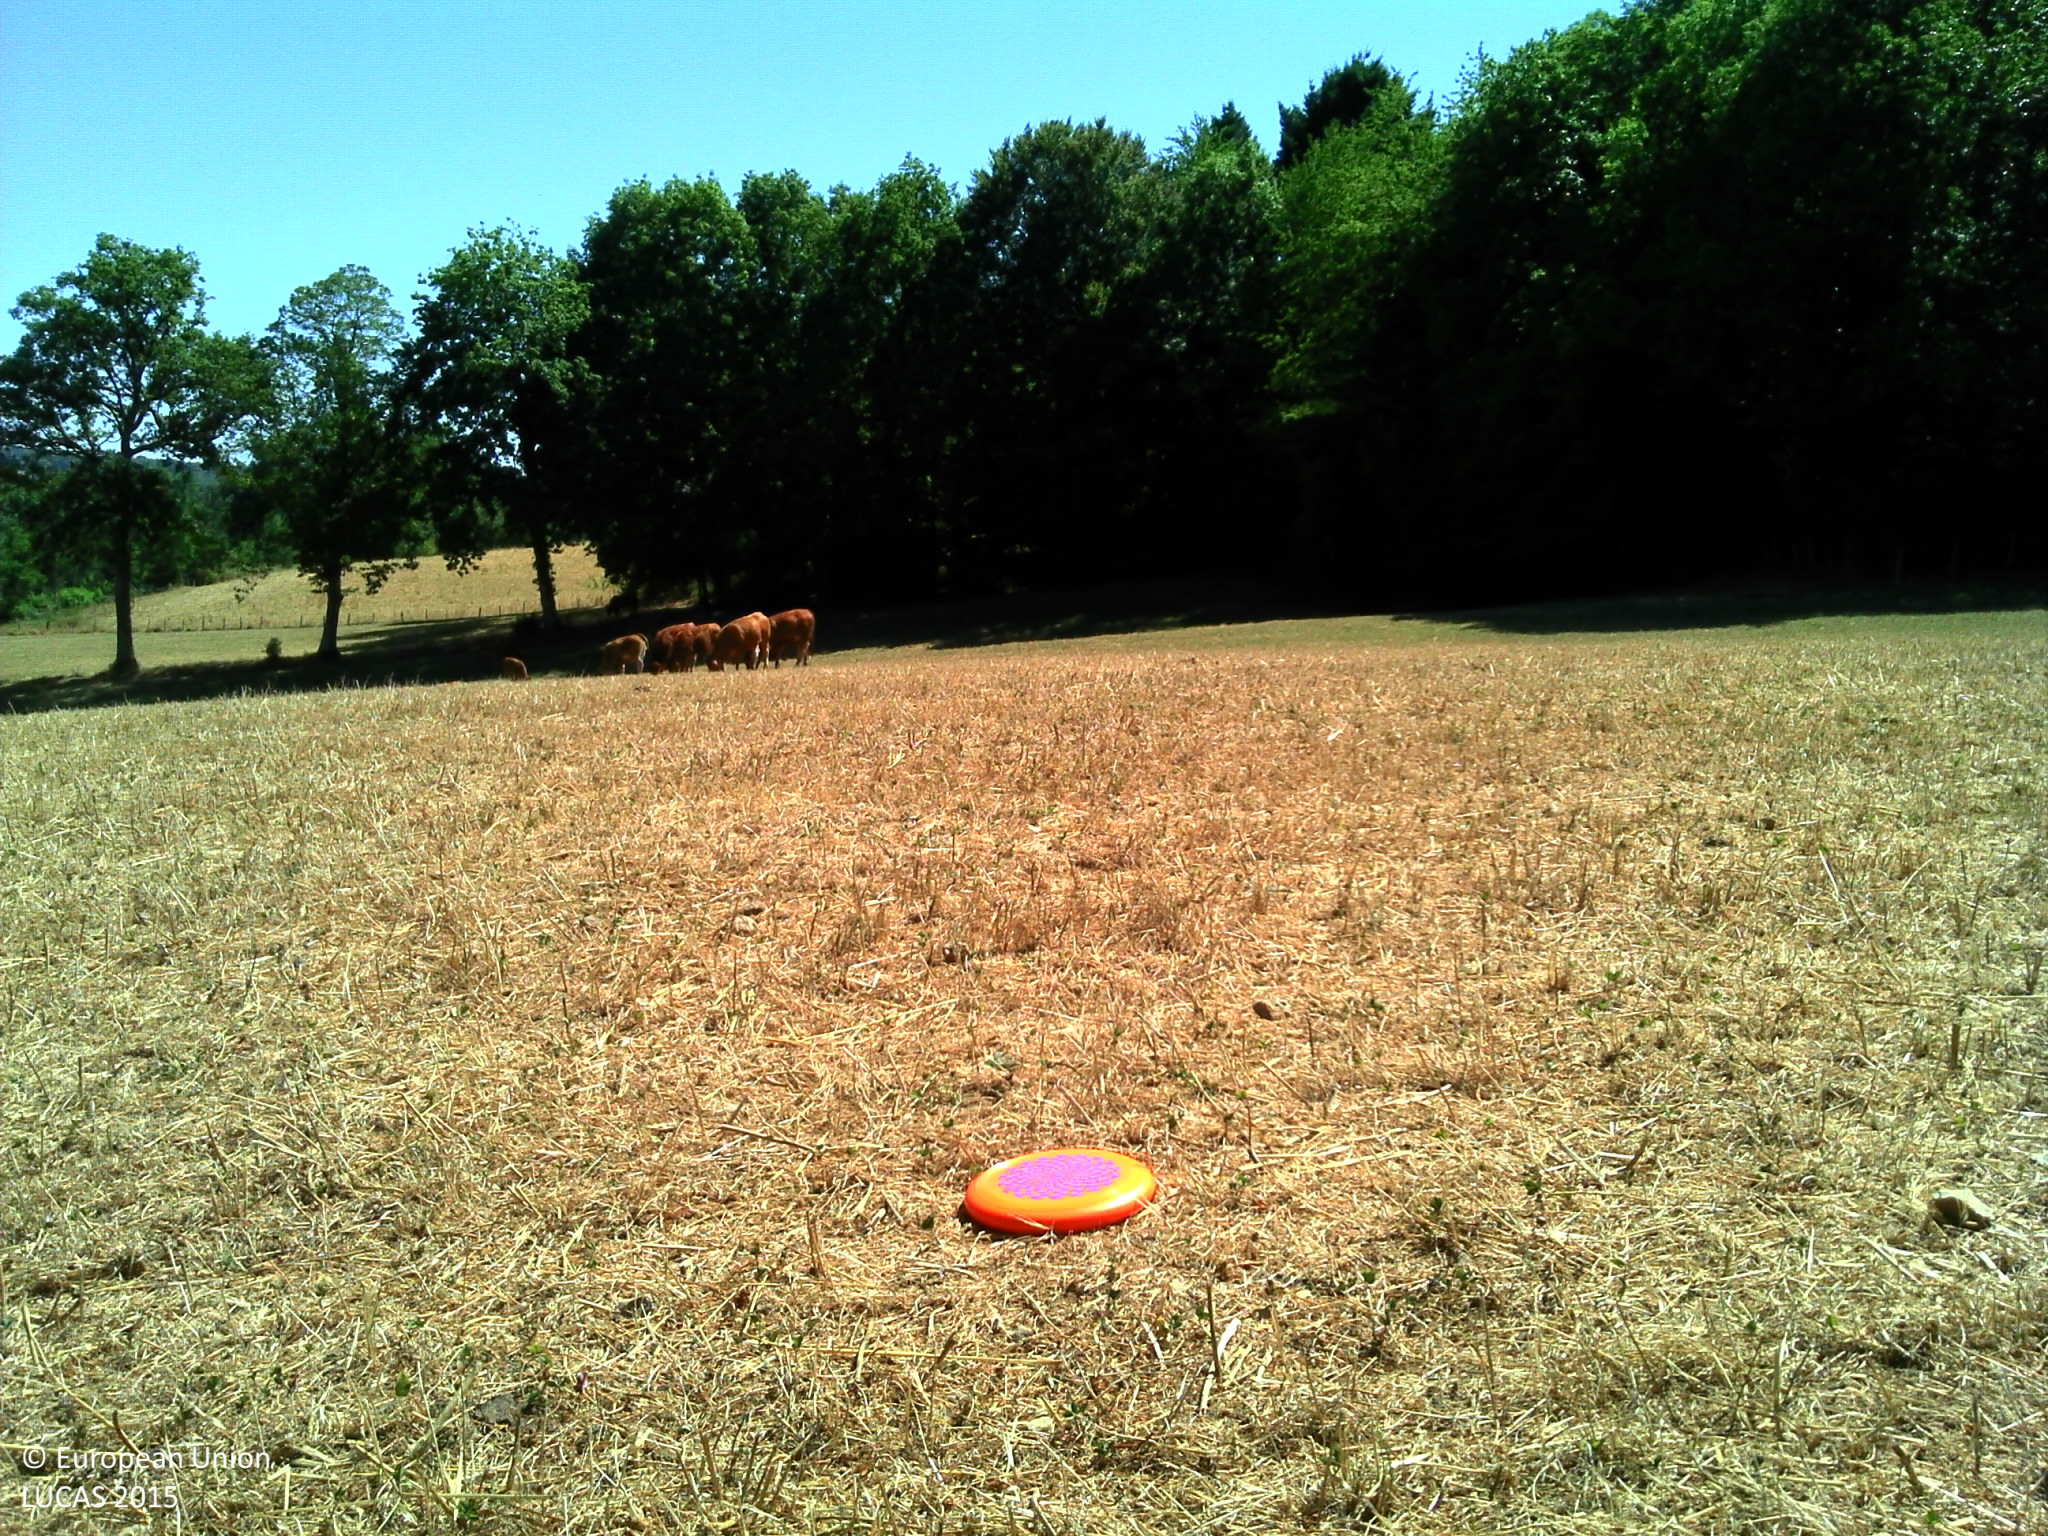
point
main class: Grassland
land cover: Grassland without tree/shrub cover
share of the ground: > 75 %
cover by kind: herbaceous plants 95 %
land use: Agriculture (excluding fallow land and kitchen gardens)
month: July
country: FR
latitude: 45.7722
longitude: 1.4404

========================================================================

Print all of the entries word for word. Omit the pictures they contain.

point
main class: Grassland
land cover: Grassland without tree/shrub cover
share of the ground: > 75 %
cover by kind: herbaceous plants 95 %
land use: Agriculture (excluding fallow land and kitchen gardens)
month: July
country: FR
latitude: 45.7722
longitude: 1.4404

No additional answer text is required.